TEXAS COURT OF APPEALS, THIRD DISTRICT, AT AUSTIN



NO. 03-94-00339-CV



Charlie Franks and Industrial Indemnity Insurance Company, Appellants



v.



Sematech, Inc., f/d/b/a Semi Conductor Manufacturing Technology Initiative,

and Burle Industries, Inc., Appellees



FROM THE DISTRICT COURT OF TRAVIS COUNTY, 200TH JUDICIAL DISTRICT

NO. 93-00396, HONORABLE W. JEANNE MEURER, JUDGE PRESIDING



This case arises under the Texas Workers' Compensation Act and involves an injured employee's third-party liability cause of action and an insurance carrier's derivative claim of subrogation. See Texas Workers' Compensation Act, Tex. Lab. Code Ann. § 417.001(b) (West 1995). Appellant Industrial Indemnity Insurance Company ("Industrial Indemnity") appeals from a summary judgment granted in favor of appellees Sematech, Inc. and Burle Industries, Inc. Additionally, appellant Charlie Franks appeals from the trial court's order dismissing his plea in intervention as barred by the two-year statute of limitations. We will affirm the trial court's order dismissing Franks's plea in intervention and will affirm the trial court's summary judgment.



BACKGROUND

On January 22, 1991, Franks was injured when a gate on Sematech's premises allegedly closed on him while he was acting within the course and scope of his employment. Daw Technologies, Franks's employer, had a workers' compensation policy with Industrial Indemnity to cover employees injured in the scope of their employment. Industrial Indemnity apparently paid workers' compensation benefits to Franks as a result of his injuries.
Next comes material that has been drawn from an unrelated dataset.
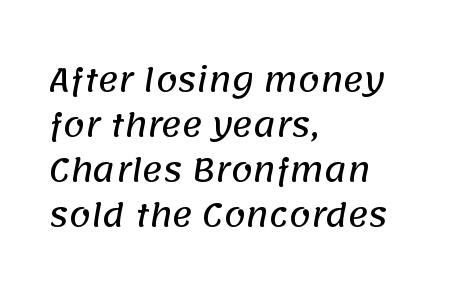
The image shows 31 px sans-serif type; set left-aligned, normal line spacing (1.45x), normal letter spacing, not underlined; low stroke contrast and a large x-height.

On January 13, 1993, Industrial Indemnity filed this action in its own name pursuant to a former third-party liability provision of the Workers' Compensation Act. (1) See Act of Mar. 28, 1917, 35th Leg., R.S., ch. 103, Part II, § 6a, 1917 Tex. Gen. Laws 269, 285, amended by Act of May 10, 1973, 63d Leg., R.S., ch. 88, § 10, 1973 Tex. Gen. Laws 187, 193 (Tex. Lab. Code Ann. § 417.001(b), since amended) (hereinafter "former art. 8307, § 6a"). Characterizing its suit as a "third-party subrogation lawsuit," Industrial Indemnity sought to enforce, under its subrogation rights, appellees' liability to Franks for a portion of the potential amount of damages recoverable by Franks against appellees--those damages equaling the compensation Franks received from Industrial Indemnity, at least $53,000, plus future sums expended on Franks as well as attorney's fees. Although the lawsuit was filed in Industrial Indemnity's name, the pleadings described negligence, strict products liability, and Deceptive Trade Practices Act ("DTPA") claims that Franks allegedly had against appellees. On January 27, 1994, Franks filed a plea in intervention specifically adopting the factual allegations in Industrial Indemnity's original petition and asserting a cause of action for negligence against appellees, seeking damages for his physical pain, mental suffering, and lifetime impairment of both his ability to work and his physical activities in general.

On February 10, 1994, each appellee filed a motion to strike Franks's plea in intervention based on the expiration of the two-year statute of limitations. The trial court dismissed Franks's plea on that ground. Subsequently, each appellee filed a motion for summary judgment stating that Industrial Indemnity's subrogation claims were derivative of Franks's claims, and since Franks's claims were barred by the statute of limitations, Franks had no rights to which Industrial Indemnity could be subrogated. (2) The trial court granted appellees' motions for summary judgment on May 12, 1994. Franks appeals from the trial-court order dismissing his plea in intervention; Industrial Indemnity appeals from the summary judgment.



DISCUSSION



By two points of error, Franks contends that the trial court erred in dismissing his plea in intervention. We review a trial court action in striking a petition in intervention under an abuse of discretion standard. Guaranty Fed. Sav. Bank v. Horseshoe Operating Co., 793 S.W.2d 652, 657-58 (Tex. 1990); National Union Fire Ins. Co. v. Pennzoil Co., 866 S.W.2d 248, 251 (Tex. App.--Corpus Christi 1993, no writ). A trial court may strike a plea in intervention "for sufficient cause on the motion of any party." Tex. R. Civ. P. 60. In the instant cause, appellees filed motions requesting the trial court to strike Franks's plea in intervention because it was barred by the statute of limitations; the trial court dismissed Franks's plea on that express ground. Franks's first point of error asserts that the trial court erroneously dismissed his plea because the causes of action it sets forth relate back to Industrial Indemnity's timely filed lawsuit. Franks's point of error necessitates an overview of third-party liability claims authorized under the Workers' Compensation Act. See Tex. Lab. Code Ann. § 417.001 (West 1995). (3)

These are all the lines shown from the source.